Activity:
Will you write out the data exactly, excluding every picture?

Data shown:

* * * * * * * * *

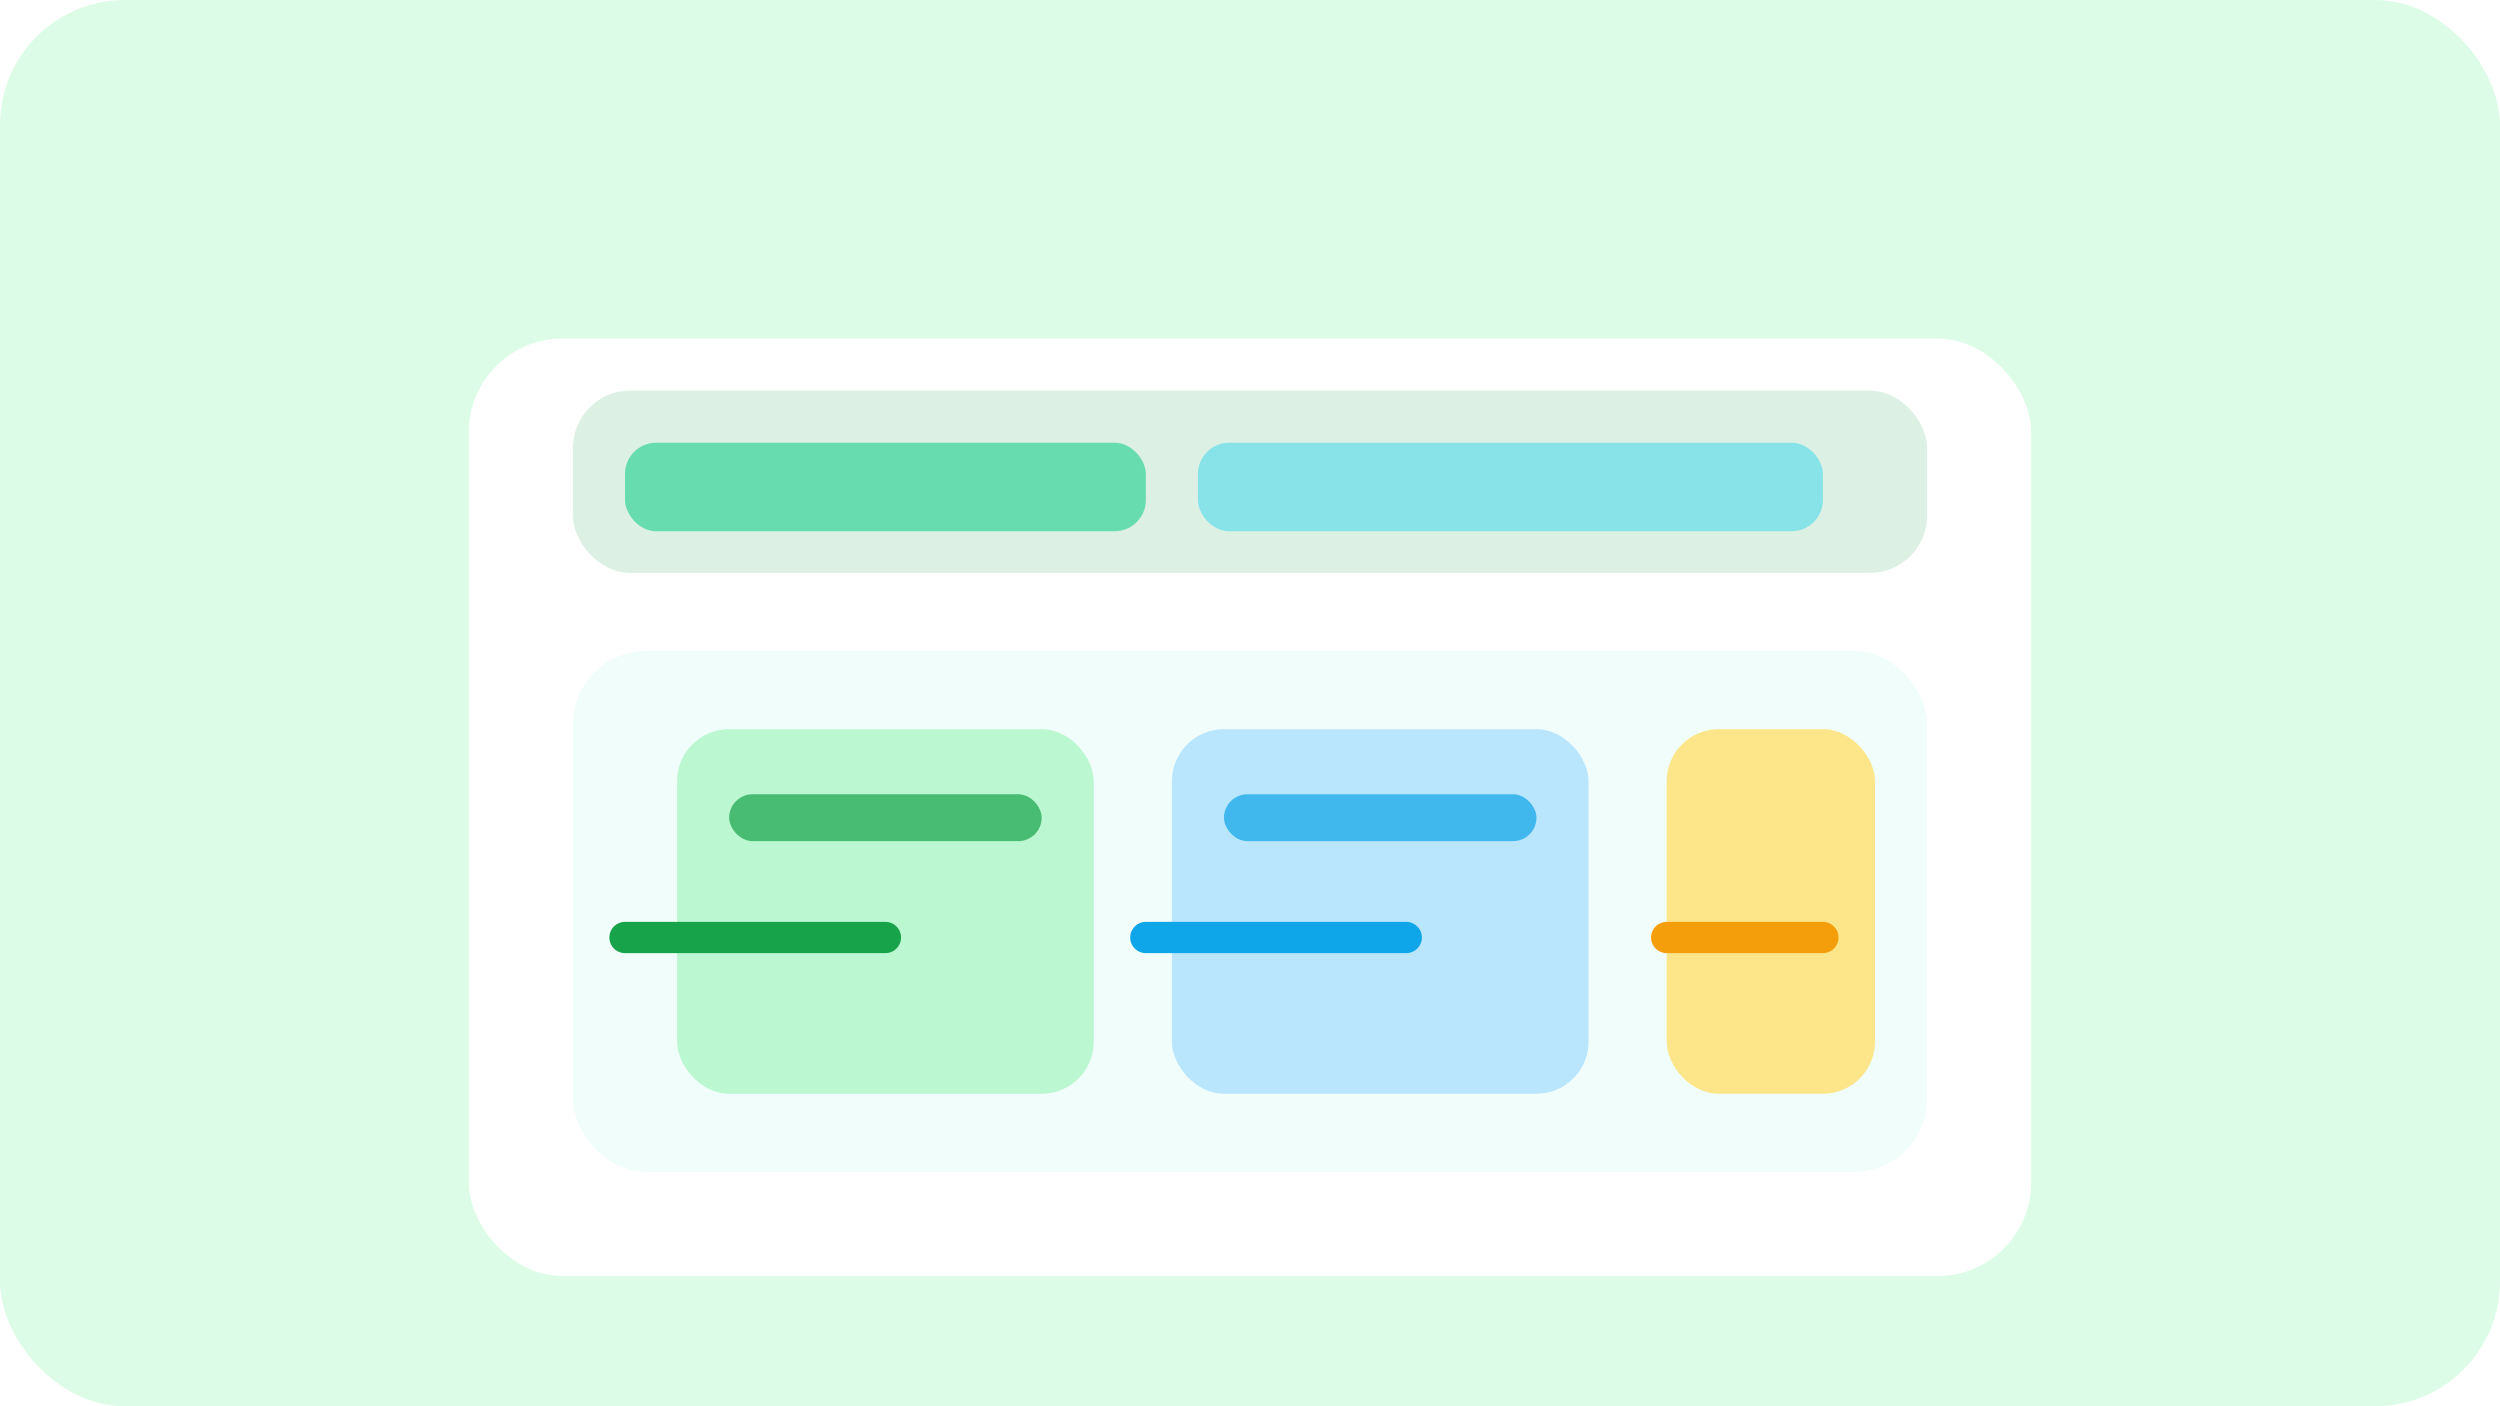 <svg width="960" height="540" viewBox="0 0 960 540" fill="none" xmlns="http://www.w3.org/2000/svg">
  <rect width="960" height="540" rx="48" fill="#DCFCE7" />
  <g filter="url(#shadow)">
    <rect x="180" y="110" width="600" height="360" rx="36" fill="#FFFFFF" />
  </g>
  <rect x="220" y="150" width="520" height="70" rx="22" fill="#16A34A" opacity="0.15" />
  <rect x="240" y="170" width="200" height="34" rx="12" fill="#34D399" opacity="0.7" />
  <rect x="460" y="170" width="240" height="34" rx="12" fill="#22D3EE" opacity="0.45" />
  <rect x="220" y="250" width="520" height="200" rx="28" fill="#F0FDFA" />
  <rect x="260" y="280" width="160" height="140" rx="20" fill="#BBF7D0" />
  <rect x="450" y="280" width="160" height="140" rx="20" fill="#BAE6FD" />
  <rect x="640" y="280" width="80" height="140" rx="20" fill="#FDE68A" />
  <rect x="280" y="305" width="120" height="18" rx="9" fill="#16A34A" opacity="0.7" />
  <rect x="470" y="305" width="120" height="18" rx="9" fill="#0EA5E9" opacity="0.7" />
  <path d="M240 360h100" stroke="#16A34A" stroke-width="12" stroke-linecap="round" />
  <path d="M440 360h100" stroke="#0EA5E9" stroke-width="12" stroke-linecap="round" />
  <path d="M640 360h60" stroke="#F59E0B" stroke-width="12" stroke-linecap="round" />
  <defs>
    <filter id="shadow" x="140" y="70" width="680" height="440" filterUnits="userSpaceOnUse" color-interpolation-filters="sRGB">
      <feFlood flood-opacity="0" result="BackgroundImageFix" />
      <feColorMatrix in="SourceAlpha" type="matrix" values="0 0 0 0 0 0 0 0 0 0 0 0 0 0 0 0 0 0 127 0" result="hardAlpha" />
      <feOffset dy="20" />
      <feGaussianBlur stdDeviation="26" />
      <feColorMatrix type="matrix" values="0 0 0 0 0.12 0 0 0 0 0.25 0 0 0 0 0.16 0 0 0 0.12 0" />
      <feBlend mode="normal" in2="BackgroundImageFix" result="effect1_dropShadow" />
      <feBlend mode="normal" in="SourceGraphic" in2="effect1_dropShadow" result="shape" />
    </filter>
  </defs>
</svg>

* * * * * * * * *

Task output:
 <svg width="960" height="540" viewBox="0 0 960 540" fill="none" xmlns="http://www.w3.org/2000/svg">
  <rect width="960" height="540" rx="48" fill="#DCFCE7" />
  <g filter="url(#shadow)">
    <rect x="180" y="110" width="600" height="360" rx="36" fill="#FFFFFF" />
  </g>
  <rect x="220" y="150" width="520" height="70" rx="22" fill="#16A34A" opacity="0.15" />
  <rect x="240" y="170" width="200" height="34" rx="12" fill="#34D399" opacity="0.7" />
  <rect x="460" y="170" width="240" height="34" rx="12" fill="#22D3EE" opacity="0.45" />
  <rect x="220" y="250" width="520" height="200" rx="28" fill="#F0FDFA" />
  <rect x="260" y="280" width="160" height="140" rx="20" fill="#BBF7D0" />
  <rect x="450" y="280" width="160" height="140" rx="20" fill="#BAE6FD" />
  <rect x="640" y="280" width="80" height="140" rx="20" fill="#FDE68A" />
  <rect x="280" y="305" width="120" height="18" rx="9" fill="#16A34A" opacity="0.7" />
  <rect x="470" y="305" width="120" height="18" rx="9" fill="#0EA5E9" opacity="0.7" />
  <path d="M240 360h100" stroke="#16A34A" stroke-width="12" stroke-linecap="round" />
  <path d="M440 360h100" stroke="#0EA5E9" stroke-width="12" stroke-linecap="round" />
  <path d="M640 360h60" stroke="#F59E0B" stroke-width="12" stroke-linecap="round" />
  <defs>
    <filter id="shadow" x="140" y="70" width="680" height="440" filterUnits="userSpaceOnUse" color-interpolation-filters="sRGB">
      <feFlood flood-opacity="0" result="BackgroundImageFix" />
      <feColorMatrix in="SourceAlpha" type="matrix" values="0 0 0 0 0 0 0 0 0 0 0 0 0 0 0 0 0 0 127 0" result="hardAlpha" />
      <feOffset dy="20" />
      <feGaussianBlur stdDeviation="26" />
      <feColorMatrix type="matrix" values="0 0 0 0 0.12 0 0 0 0 0.25 0 0 0 0 0.16 0 0 0 0.12 0" />
      <feBlend mode="normal" in2="BackgroundImageFix" result="effect1_dropShadow" />
      <feBlend mode="normal" in="SourceGraphic" in2="effect1_dropShadow" result="shape" />
    </filter>
  </defs>
</svg>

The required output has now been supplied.